XPath query looks like: **`//*[text()='Search Google or type a URL']`**

The **asterisk(*)** implies any tag with the same value.

**Also, we can use  `text()` function with `contains()` function**. 

The xpath query looks like: **`//*[contains(text(),’ Search Google or type a URL’]`**



## `last()`

Selects the last element.

**Syntax:**

**`(//tagname[@attribute=value])[last()]`**

**`(//tagname[@attribute=value])[last()-1]`**
	
**Example**:

**`(//div[@id=’xx’])[last()]`**

**`(//div[@id=’xx’])[last()-1]`**


## `position()`

Select the element out of the list of elements present depending on the **position number** provided.

**NOTE**: Position starts with 1.

**Syntax**:

**`(//tagname[@attribute=value])[ position()=2]`**

**`(//tagname[@attribute=value])[2]`**

**Example**:

**`(//div[@id=’xx’])[position()=2]`**

**`(//div[@id=’xx’])[2]`**

## Finding elements using index

By providing the index position in the square brackets, we could move to the nth element.

**NOTE**: Index starts with 1.

**Syntax**:

**`//tagname[@attribute=value][index]`**
	
**Example**:

**`//div[@id=’xx’][2]`**

# XPATH Chaining

We can **chain multiple relative XPath** declarations with **`//`** double slash to find an element location as shown:
```
//div[@id=’abc′]//a[@id=’xyz′]
```

# Using `and` & `or` operators

We can combine multiple attribute using  `and` & `or` operator as shown:

**`//a[@id=’pt1:_UIScmi4′ or @class=’xnk xmi’]`**


**`//a[@id=’pt1:_UIScmi4′ and @class=’xnk xmi’]`**


# XPATH Axes

An **axis** represents a **relationship to the context (current) node** and is used to locate nodes relative to that node on the tree.

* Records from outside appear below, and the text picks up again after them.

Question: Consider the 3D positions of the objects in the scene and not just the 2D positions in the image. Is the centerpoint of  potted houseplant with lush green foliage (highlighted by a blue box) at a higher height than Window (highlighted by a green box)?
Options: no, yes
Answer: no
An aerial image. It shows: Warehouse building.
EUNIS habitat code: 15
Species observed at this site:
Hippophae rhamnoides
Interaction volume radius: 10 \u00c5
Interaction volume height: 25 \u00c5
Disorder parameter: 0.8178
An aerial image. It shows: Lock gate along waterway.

![image.png](attachment:c21d56c6-afda-444a-b4b5-ca2f7f42c8dc.png)

The major XPath axes follow family tree terminology:

* **`self::`** is you.

**Downward**:
* **`child::`** are your immediate children.
* **`descendant::`** are your children, and their children, recursively.
* **`descendant-or-self::`** (aka //): are you and your descendants.

**Upward**:
* **`parent::`** is your mother or father.1
* **`ancestor::`** are your parent, and your parent's parent, recursively.
* **`ancestor-or-self::`** are you and your ancestors.

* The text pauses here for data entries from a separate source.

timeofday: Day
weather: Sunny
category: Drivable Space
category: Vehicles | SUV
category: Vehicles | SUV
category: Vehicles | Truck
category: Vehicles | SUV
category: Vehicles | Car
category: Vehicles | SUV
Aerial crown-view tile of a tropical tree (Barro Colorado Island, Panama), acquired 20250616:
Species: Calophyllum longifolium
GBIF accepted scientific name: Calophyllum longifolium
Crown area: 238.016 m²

**Sideways (consider elements earlier in the document to be younger)**:
* **`previous-sibling::`** are your younger siblings, in age order.
* **`following-sibling::`** are your older siblings, in age order.
* **`previous::`** are your younger siblings and their descendants, in age order.
* **`following::`** are your older siblings and their descendants, in age order.

## `following-sibling`

**Select the following siblings of the context node (current node)**.

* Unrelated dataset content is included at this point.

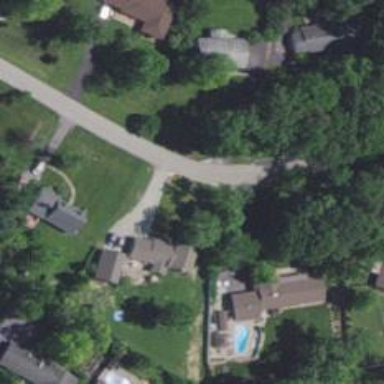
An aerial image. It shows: Residential road.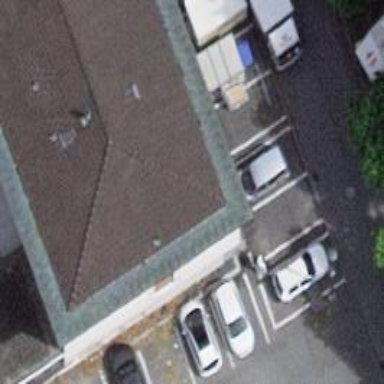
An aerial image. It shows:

![image.png](attachment:f7e33998-d8a5-482d-a6cb-5cd522d6f8f0.png)

Syntax: **`//tagname[@attribute=value]//following-sibling::tagname`**

Example: **`//span[@class=’xnu’]/ancestor::div[@id=’pt1:_USSpgl5′]/following-sibling::div`**

In the above example, we are trying to access all menus under **Administration**.


## `following`

* Starts to locate elements after the current node **at the same level**, that is, `following-sibling & their descendants`. 
* It finds the element before the following statement, and sets it as the top node and then starts to find all elements after that node.

Syntax: **`//tagname[@attribute=value]//following::tagname`**

Example: **`//div[@id=’xx’]//following::input`

So basically the search will start from **`div`** whose **`id=’xx’`** and search all elements with **`tagname =’input’`** following the **`div`** tag.

## `child`

Selects all **direct children** elements of the current node (context node).

Syntax: **`//tagname[@attribute=value]//child::tagname`**

Example: **`//div[@id=’xx’]//child::input`**

So basically the search will start from **`div`** whose **`id=’xx’`** and search all elements with **`tagname =’input’`** which are **direct child** of the **`div`** tag.


## `preceding`

Selects all nodes that comes before the current node (context node) **at the same level**, that is, `preceding-sibling & their descendants`. 

Syntax: **`//tagname[@attribute=value]//preceding::tagname`**

Example: **`//div[@id=’xx’]//preceding::input`**

So basically the search will start from **`div`** whose **`id=’xx’`** and search all the elements with **`tagname =’div’`** which are **preceded** by the **`input`** tag.